▽

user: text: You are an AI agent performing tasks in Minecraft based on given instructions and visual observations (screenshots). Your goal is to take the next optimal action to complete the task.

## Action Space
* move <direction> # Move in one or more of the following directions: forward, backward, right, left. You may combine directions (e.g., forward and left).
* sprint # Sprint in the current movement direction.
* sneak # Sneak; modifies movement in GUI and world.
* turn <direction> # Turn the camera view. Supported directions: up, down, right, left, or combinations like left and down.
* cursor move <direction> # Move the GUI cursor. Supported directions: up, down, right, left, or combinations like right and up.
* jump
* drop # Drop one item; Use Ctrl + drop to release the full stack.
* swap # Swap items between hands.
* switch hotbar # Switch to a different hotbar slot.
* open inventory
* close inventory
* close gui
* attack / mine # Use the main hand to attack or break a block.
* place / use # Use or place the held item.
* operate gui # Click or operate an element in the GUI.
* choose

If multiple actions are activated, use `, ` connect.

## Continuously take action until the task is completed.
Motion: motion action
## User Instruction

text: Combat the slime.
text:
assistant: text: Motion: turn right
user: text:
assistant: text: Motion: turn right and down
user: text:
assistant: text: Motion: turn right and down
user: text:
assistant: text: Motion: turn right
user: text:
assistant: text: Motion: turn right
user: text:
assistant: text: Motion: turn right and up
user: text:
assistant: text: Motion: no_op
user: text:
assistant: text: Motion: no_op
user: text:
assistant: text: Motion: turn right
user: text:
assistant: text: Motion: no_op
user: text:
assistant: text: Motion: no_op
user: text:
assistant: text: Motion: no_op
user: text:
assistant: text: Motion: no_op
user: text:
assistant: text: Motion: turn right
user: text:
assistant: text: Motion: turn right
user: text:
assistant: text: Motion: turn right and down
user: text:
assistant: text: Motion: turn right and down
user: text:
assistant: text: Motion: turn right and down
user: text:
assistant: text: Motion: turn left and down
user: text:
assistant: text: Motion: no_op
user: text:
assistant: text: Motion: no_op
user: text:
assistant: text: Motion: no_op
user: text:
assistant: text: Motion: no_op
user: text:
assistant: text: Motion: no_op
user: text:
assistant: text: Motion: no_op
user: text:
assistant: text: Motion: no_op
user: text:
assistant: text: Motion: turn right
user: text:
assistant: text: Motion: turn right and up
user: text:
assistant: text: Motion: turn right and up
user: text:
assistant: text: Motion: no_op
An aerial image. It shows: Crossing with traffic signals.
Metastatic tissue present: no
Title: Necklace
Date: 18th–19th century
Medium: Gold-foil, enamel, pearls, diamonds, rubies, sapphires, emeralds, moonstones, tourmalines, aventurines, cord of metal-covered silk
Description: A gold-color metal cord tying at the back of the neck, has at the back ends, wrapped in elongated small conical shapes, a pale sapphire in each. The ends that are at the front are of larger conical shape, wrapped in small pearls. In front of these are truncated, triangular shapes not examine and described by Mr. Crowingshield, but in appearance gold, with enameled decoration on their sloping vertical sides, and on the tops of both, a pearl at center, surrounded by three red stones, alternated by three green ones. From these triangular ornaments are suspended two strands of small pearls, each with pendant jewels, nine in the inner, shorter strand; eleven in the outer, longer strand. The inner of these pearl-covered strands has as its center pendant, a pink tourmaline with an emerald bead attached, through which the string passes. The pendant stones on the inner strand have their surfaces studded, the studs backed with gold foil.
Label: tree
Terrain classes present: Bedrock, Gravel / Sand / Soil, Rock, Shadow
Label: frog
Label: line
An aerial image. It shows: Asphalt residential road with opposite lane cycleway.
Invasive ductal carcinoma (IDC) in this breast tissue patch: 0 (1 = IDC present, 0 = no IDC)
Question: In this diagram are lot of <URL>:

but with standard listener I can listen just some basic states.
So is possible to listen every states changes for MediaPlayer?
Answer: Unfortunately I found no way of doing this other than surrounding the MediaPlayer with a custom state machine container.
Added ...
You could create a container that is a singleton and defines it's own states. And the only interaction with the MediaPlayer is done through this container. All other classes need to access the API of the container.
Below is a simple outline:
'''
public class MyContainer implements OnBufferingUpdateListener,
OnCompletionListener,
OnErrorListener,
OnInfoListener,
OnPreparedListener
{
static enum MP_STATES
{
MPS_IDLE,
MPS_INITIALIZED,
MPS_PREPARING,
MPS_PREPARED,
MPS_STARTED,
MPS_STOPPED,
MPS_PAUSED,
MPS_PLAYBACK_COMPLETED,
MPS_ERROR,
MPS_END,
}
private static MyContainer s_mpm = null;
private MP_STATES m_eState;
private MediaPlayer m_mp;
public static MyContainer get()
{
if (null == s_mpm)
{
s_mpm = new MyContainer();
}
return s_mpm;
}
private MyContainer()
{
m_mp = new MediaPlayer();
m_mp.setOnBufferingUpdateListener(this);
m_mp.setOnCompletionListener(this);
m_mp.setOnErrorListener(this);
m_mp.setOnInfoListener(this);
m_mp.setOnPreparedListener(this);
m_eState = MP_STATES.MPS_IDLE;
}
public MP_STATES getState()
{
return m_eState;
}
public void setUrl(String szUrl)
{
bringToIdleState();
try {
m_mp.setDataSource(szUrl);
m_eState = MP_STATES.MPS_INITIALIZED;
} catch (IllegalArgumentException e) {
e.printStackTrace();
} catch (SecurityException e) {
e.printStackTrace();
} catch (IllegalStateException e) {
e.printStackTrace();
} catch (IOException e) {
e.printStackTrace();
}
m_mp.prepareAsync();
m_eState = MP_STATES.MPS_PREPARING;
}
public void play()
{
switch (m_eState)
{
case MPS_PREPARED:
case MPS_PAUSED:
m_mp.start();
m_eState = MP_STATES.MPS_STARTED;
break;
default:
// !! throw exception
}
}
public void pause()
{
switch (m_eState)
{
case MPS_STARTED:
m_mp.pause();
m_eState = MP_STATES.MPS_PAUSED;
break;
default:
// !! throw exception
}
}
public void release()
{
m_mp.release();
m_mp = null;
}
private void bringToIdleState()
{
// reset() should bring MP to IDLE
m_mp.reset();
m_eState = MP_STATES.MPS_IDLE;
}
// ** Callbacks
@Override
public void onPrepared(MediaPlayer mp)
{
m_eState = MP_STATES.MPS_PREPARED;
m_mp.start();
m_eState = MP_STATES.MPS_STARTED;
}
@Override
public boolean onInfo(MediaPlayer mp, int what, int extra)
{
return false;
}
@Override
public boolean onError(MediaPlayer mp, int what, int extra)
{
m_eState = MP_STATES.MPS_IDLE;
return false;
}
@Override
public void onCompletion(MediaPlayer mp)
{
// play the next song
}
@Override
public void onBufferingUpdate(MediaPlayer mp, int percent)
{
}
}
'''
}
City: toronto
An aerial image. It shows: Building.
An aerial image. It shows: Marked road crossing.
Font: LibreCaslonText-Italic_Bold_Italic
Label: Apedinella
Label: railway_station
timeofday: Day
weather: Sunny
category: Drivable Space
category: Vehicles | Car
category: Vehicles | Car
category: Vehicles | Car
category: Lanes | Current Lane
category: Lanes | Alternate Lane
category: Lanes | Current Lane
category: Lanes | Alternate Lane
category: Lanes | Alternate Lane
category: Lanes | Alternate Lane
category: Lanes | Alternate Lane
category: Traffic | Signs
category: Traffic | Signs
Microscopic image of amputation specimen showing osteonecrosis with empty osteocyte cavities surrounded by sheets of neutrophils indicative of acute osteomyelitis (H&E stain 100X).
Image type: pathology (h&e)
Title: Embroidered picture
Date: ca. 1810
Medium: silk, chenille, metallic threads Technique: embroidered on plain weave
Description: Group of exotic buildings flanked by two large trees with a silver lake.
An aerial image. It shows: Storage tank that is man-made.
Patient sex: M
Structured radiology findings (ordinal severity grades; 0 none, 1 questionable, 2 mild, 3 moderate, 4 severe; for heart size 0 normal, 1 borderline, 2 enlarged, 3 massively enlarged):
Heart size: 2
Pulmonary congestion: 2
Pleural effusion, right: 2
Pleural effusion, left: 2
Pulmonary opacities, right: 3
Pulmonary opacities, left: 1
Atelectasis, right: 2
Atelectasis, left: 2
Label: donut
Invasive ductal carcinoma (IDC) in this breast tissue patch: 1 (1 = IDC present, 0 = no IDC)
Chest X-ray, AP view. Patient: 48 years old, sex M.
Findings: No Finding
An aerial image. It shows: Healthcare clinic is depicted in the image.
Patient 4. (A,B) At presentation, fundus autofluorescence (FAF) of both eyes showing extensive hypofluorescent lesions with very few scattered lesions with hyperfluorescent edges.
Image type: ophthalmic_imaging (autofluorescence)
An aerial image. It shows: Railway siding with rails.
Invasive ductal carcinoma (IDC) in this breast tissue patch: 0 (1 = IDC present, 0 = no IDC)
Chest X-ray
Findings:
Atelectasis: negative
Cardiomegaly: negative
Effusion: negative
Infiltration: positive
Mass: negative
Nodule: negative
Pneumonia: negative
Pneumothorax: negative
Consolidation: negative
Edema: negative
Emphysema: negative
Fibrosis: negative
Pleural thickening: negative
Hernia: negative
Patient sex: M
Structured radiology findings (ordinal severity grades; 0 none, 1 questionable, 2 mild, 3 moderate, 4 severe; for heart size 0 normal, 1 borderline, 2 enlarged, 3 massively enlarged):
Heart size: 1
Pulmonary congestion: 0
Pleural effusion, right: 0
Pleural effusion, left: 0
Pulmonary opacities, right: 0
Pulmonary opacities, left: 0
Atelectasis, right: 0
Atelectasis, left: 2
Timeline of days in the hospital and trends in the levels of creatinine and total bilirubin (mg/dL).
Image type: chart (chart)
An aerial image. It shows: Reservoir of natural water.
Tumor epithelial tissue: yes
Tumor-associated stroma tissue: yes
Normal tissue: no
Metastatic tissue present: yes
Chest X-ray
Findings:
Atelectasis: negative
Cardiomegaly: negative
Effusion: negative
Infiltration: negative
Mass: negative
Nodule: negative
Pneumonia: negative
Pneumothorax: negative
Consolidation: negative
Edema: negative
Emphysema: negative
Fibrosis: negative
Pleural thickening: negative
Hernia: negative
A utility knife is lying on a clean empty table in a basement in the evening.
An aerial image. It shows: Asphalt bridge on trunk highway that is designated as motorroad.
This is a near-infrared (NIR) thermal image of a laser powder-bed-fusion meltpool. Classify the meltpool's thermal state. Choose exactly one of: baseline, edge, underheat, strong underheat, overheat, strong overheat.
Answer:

△

(What you should do):
The expected answer holds each line from the listing above where the string "task" is present.

(Output):
user: text: You are an AI agent performing tasks in Minecraft based on given instructions and visual observations (screenshots). Your goal is to take the next optimal action to complete the task.
## Continuously take action until the task is completed.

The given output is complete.